Material for this task Block Start

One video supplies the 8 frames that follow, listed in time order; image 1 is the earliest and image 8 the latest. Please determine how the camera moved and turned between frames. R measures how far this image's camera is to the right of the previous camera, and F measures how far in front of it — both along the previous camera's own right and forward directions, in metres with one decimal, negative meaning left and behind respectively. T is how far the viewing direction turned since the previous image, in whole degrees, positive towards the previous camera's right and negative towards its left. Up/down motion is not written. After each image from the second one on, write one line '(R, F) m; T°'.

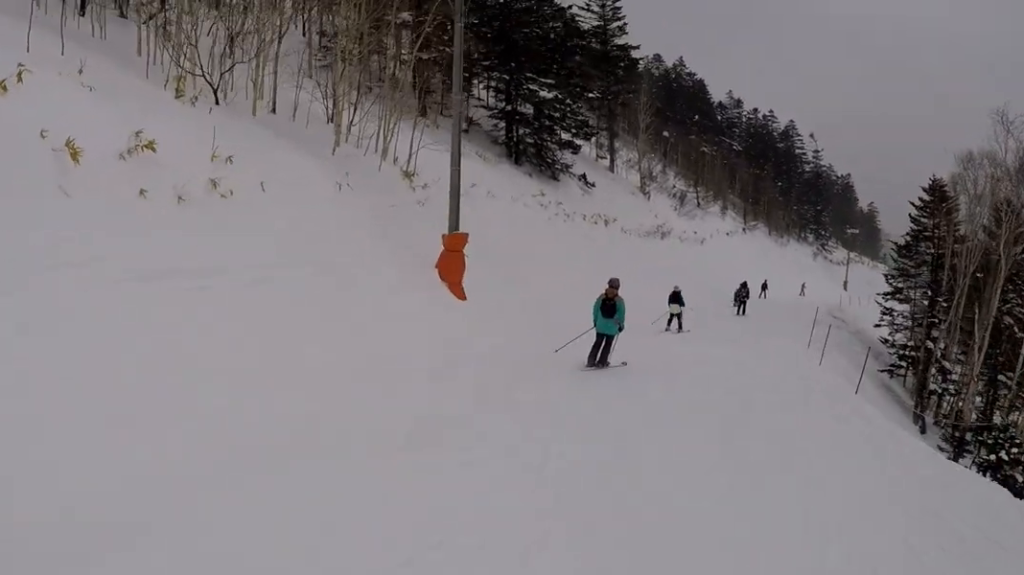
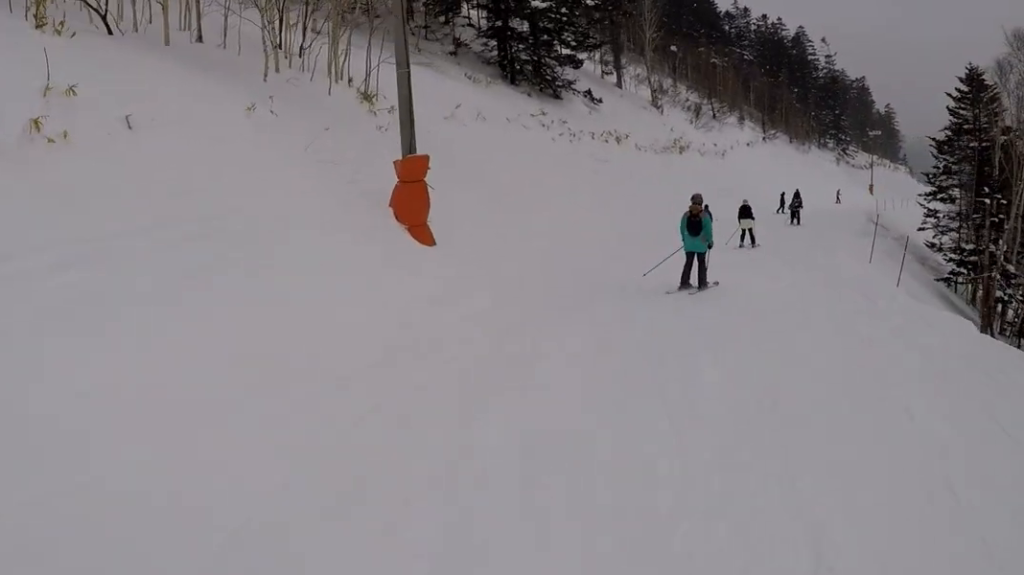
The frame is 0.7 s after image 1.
(+0.7, +4.2) m; 0°
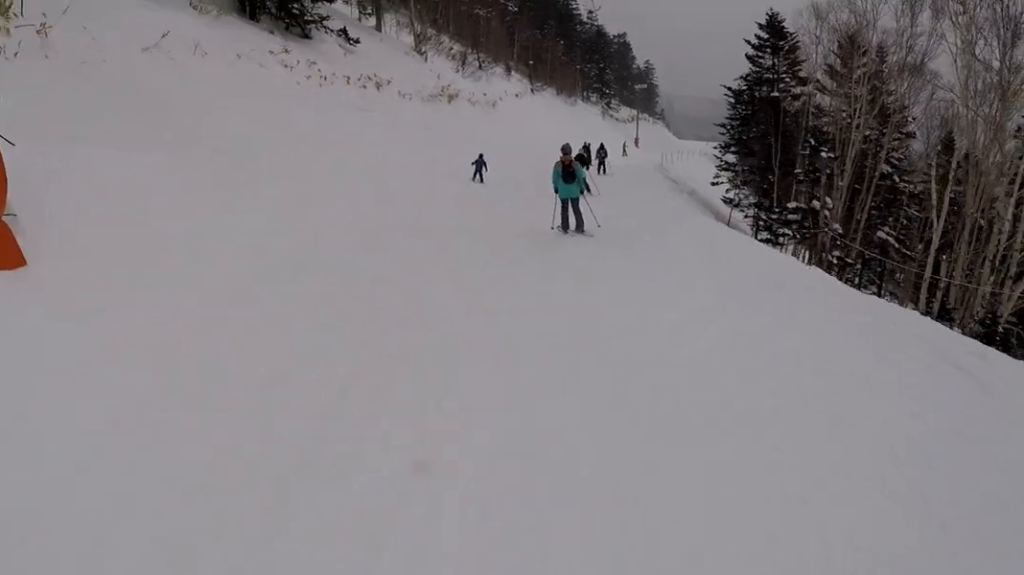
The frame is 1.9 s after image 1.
(-0.5, +6.7) m; -1°
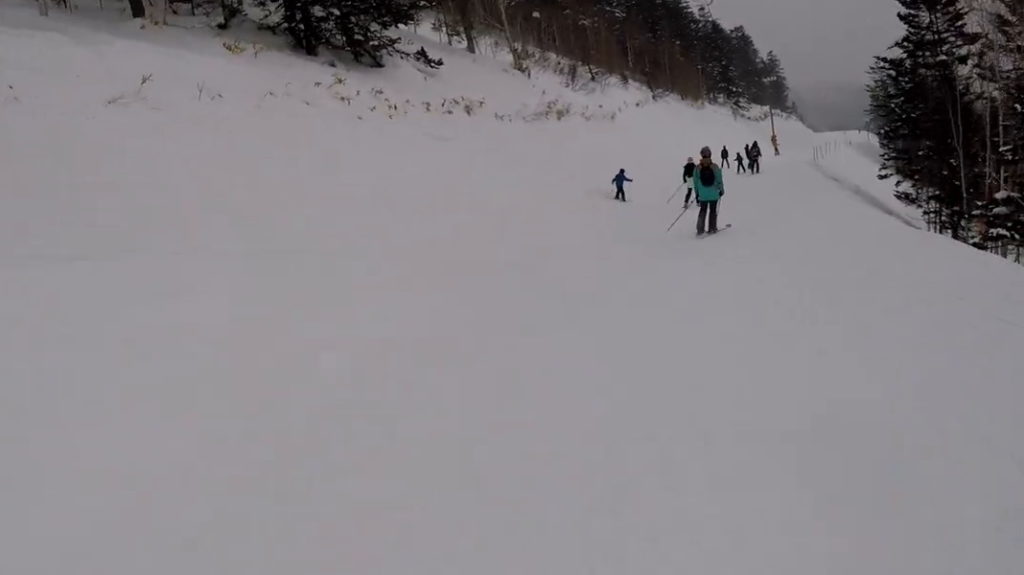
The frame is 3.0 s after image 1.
(+0.9, +5.8) m; +3°
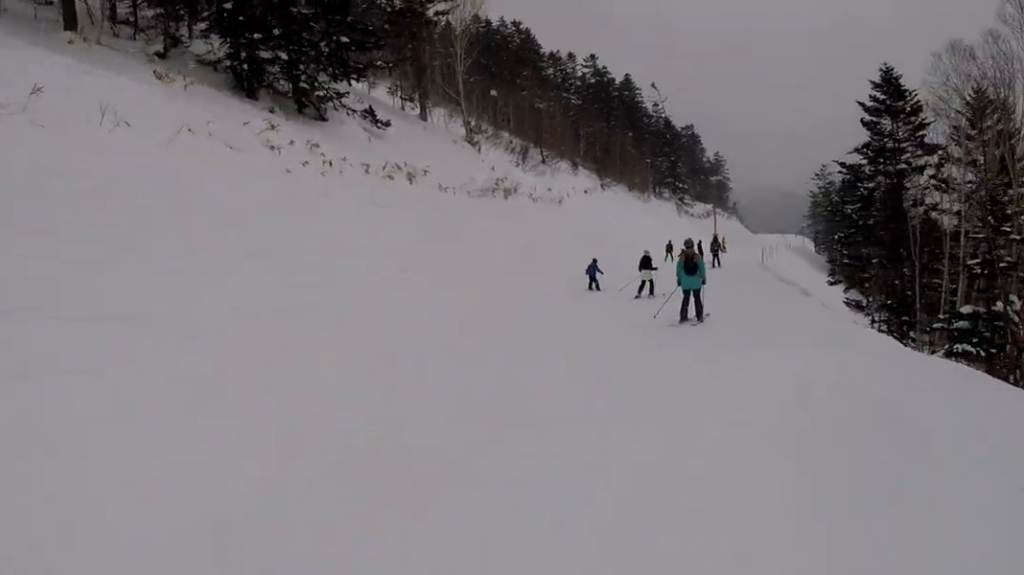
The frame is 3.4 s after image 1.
(-0.1, +2.3) m; +1°
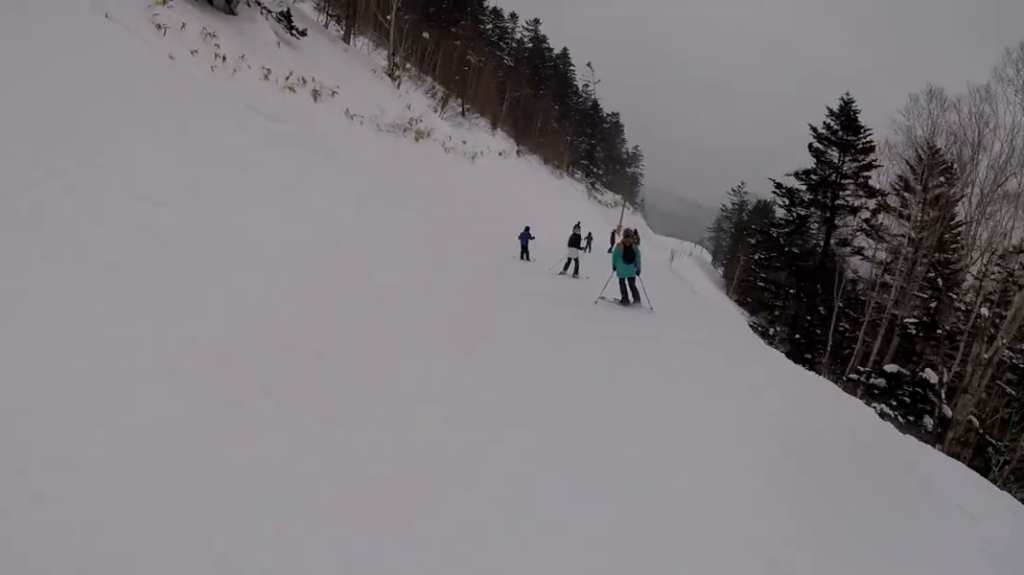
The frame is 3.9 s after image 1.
(-0.6, +2.4) m; +1°
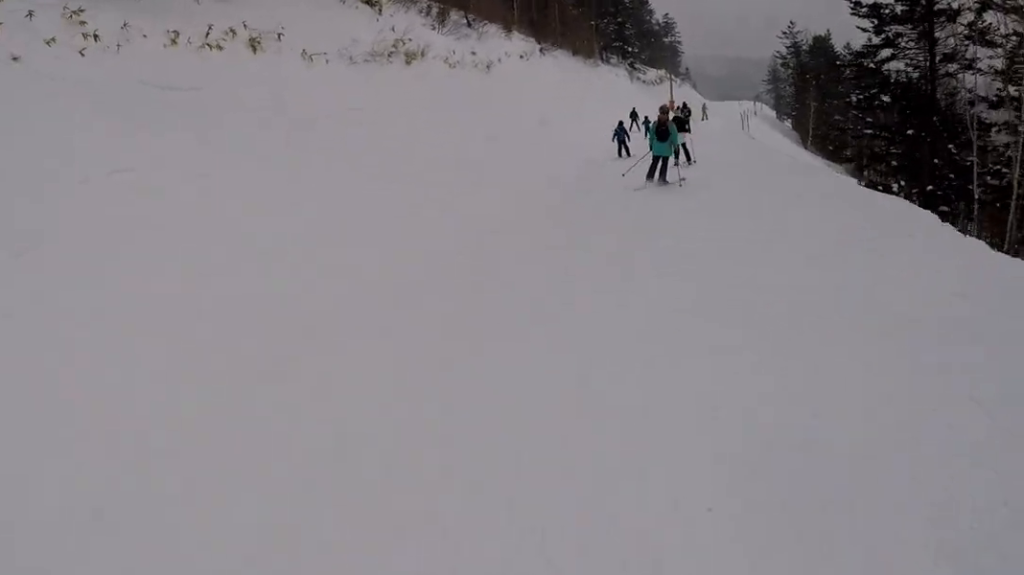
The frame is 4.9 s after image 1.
(+0.6, +5.3) m; +7°
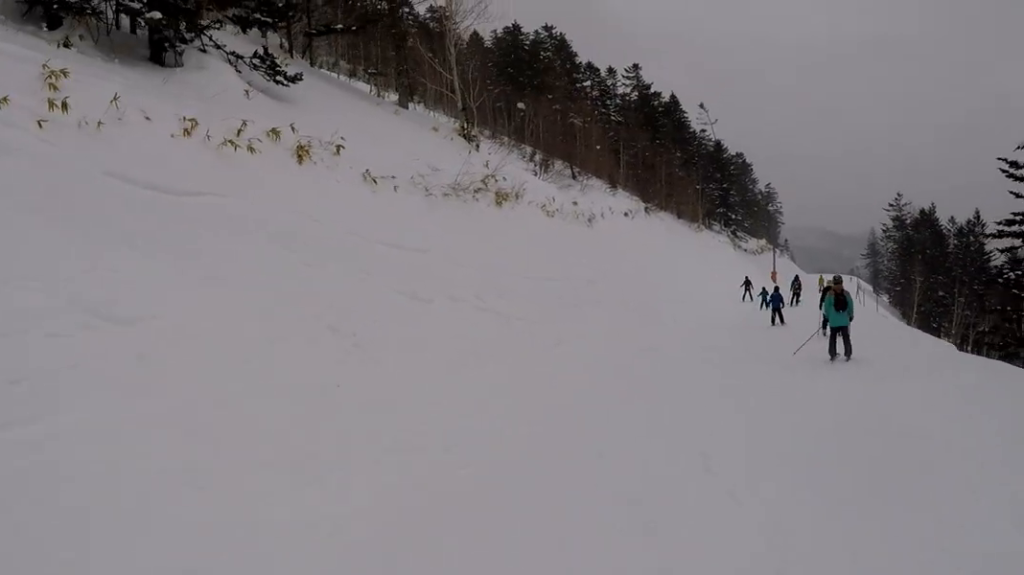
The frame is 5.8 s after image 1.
(+0.1, +5.1) m; +2°

Material for this task Block End

Aim of the task
After locating the line with "The frame is 3.4 s after image 1.", transcribe it and the rest of the data above exactly as written, without any picture.

Finished task
The frame is 3.4 s after image 1.
(-0.1, +2.3) m; +1°
The frame is 3.9 s after image 1.
(-0.6, +2.4) m; +1°
The frame is 4.9 s after image 1.
(+0.6, +5.3) m; +7°
The frame is 5.8 s after image 1.
(+0.1, +5.1) m; +2°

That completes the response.